4) On July 1, 2009 the Trustee also filed a “Notice of Abandonment” (doc 844) that stated: “COMES NOW Philip J. Montoya, the Chapter 7 Trustee herein, and gives notice that he abandons all remaining property of the estate.”

5) On July 31, 2009, Mr. Montoya filed a Chapter 7 Trustee’s Interim Report (doc 848) that stated there were no assets on hand, the value of assets remaining to be administered was zero, and listed no activities that would prevent case closing.

6) No objections have ever been filed to the Report of No Distribution or the Trustee’s Notice of Abandonment.

7) The Court properly closed the case pursuant to Rule 5009 when no objections were filed.

8) Closing of the case abandoned all scheduled assets.

9) The automatic stay terminated as to all assets that left the estate upon closing.

10) Mr. Cook has not met his burden of proof to overcome the presumption that the case was fully administered.

11) The Court cannot find that there are significant assets to justify setting aside the Final Decree.

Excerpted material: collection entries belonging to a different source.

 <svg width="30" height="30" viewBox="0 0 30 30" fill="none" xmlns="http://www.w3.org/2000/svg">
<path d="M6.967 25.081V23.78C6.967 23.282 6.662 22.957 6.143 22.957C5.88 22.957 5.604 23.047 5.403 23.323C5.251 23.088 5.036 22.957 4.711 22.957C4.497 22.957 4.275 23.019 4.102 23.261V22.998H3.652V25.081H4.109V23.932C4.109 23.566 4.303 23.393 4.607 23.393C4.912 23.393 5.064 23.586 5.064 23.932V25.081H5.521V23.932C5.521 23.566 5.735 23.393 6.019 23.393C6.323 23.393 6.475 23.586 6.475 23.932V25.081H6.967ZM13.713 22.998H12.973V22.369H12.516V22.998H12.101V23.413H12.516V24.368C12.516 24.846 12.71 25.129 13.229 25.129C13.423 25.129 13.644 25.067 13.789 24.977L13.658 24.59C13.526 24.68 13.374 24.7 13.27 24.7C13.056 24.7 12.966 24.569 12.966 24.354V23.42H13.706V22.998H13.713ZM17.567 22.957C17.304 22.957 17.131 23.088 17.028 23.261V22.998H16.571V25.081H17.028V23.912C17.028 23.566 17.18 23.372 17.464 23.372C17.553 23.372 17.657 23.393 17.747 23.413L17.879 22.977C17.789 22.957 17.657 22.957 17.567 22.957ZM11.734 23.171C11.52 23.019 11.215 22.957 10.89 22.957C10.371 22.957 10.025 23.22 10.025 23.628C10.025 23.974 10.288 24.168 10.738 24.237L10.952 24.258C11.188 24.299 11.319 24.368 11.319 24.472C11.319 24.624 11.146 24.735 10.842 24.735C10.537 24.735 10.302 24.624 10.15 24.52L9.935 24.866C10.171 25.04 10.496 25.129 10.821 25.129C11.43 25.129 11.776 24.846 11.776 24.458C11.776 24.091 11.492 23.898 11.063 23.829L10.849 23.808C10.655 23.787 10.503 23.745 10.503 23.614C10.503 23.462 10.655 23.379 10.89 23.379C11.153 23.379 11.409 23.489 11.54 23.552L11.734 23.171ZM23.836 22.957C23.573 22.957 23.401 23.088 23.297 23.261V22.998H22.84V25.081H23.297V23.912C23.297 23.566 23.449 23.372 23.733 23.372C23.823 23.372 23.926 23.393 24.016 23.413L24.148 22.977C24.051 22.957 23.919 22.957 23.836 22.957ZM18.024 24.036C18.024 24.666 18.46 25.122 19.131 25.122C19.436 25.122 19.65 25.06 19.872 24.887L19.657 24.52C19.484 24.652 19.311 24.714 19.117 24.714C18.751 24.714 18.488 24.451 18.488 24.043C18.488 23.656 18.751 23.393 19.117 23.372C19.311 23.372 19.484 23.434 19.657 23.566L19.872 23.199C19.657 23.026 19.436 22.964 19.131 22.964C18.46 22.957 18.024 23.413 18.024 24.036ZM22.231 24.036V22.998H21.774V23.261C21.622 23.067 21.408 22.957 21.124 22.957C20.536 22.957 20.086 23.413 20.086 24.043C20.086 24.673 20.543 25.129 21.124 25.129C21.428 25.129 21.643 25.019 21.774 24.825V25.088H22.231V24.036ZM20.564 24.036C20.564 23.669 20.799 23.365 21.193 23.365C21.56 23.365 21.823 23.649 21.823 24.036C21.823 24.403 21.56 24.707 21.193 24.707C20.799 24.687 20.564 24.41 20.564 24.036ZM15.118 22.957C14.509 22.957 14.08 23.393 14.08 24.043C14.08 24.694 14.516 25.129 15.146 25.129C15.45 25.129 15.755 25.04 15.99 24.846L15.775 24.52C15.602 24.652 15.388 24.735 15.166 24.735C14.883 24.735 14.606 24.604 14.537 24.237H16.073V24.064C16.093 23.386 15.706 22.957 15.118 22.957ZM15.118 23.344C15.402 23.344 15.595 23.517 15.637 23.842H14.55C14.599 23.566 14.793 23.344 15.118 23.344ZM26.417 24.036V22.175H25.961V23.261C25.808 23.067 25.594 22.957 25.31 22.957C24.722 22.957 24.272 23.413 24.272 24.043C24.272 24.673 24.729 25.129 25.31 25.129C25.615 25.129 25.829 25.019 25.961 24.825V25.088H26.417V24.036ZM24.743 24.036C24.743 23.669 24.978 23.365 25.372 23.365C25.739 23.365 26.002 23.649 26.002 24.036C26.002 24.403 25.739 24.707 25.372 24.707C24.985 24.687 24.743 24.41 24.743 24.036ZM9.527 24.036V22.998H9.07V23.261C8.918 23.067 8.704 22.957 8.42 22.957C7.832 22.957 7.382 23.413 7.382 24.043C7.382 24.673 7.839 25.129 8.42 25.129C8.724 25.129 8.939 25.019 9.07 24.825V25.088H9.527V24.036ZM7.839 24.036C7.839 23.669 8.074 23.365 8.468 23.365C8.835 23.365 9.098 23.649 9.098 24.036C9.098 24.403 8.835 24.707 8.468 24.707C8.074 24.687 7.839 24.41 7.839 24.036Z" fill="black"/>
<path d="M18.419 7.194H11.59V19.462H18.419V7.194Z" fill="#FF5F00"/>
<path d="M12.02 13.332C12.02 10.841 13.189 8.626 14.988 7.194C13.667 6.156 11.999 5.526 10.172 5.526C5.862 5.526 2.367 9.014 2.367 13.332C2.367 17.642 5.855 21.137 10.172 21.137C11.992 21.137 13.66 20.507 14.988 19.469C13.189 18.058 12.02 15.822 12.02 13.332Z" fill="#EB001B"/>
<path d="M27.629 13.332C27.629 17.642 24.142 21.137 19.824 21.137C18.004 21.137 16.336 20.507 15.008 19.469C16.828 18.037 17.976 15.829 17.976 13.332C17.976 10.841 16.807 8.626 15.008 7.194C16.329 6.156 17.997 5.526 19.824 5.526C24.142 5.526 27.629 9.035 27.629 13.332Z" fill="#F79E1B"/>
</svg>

1. Because Mr. Cook is self-represented the Court should construe his pleadings liberally to afford justice. [23] His Motion could be construed as a Motion to Reopen the case (for which no filing fee was paid). Examined in that light, the Court also denies the motion 1) for lack of ripeness, and 2) for lack of standing (in part).

In order for a claim to be justiciable under Article III, it must be shown to be a ripe controversy. “[R]ipeness is peculiarly a question of timing,” Regional Rail Reorganization Act Cases, 419 U.S. 102, 140, 95 S.Ct. 335, 357, 42 L.Ed.2d 320 (1975), intended “to prevent the courts, through avoidance of premature adjudication, from entangling themselves in abstract disagreements,” Abbott Labs. v. Gardner, 387 U.S. 136, 148, 87 S.Ct. 1507, 1515, 18 L.Ed.2d 681 (1967) . In short, the doctrine of ripeness is intended to forestall judicial determinations of disputes until the controversy is presented in “`clean-cut and concrete form.'” Renne [v. Geary], 501 U.S. [312] at 322, 111 S.Ct. [2331] at 2339 [(1991)](quoting Rescue Army v. Municipal Court of Los Angeles, 331 U.S. 549, 584, 67 S.Ct. 1409, 1427, 91 L.Ed. 1666 (1947) ).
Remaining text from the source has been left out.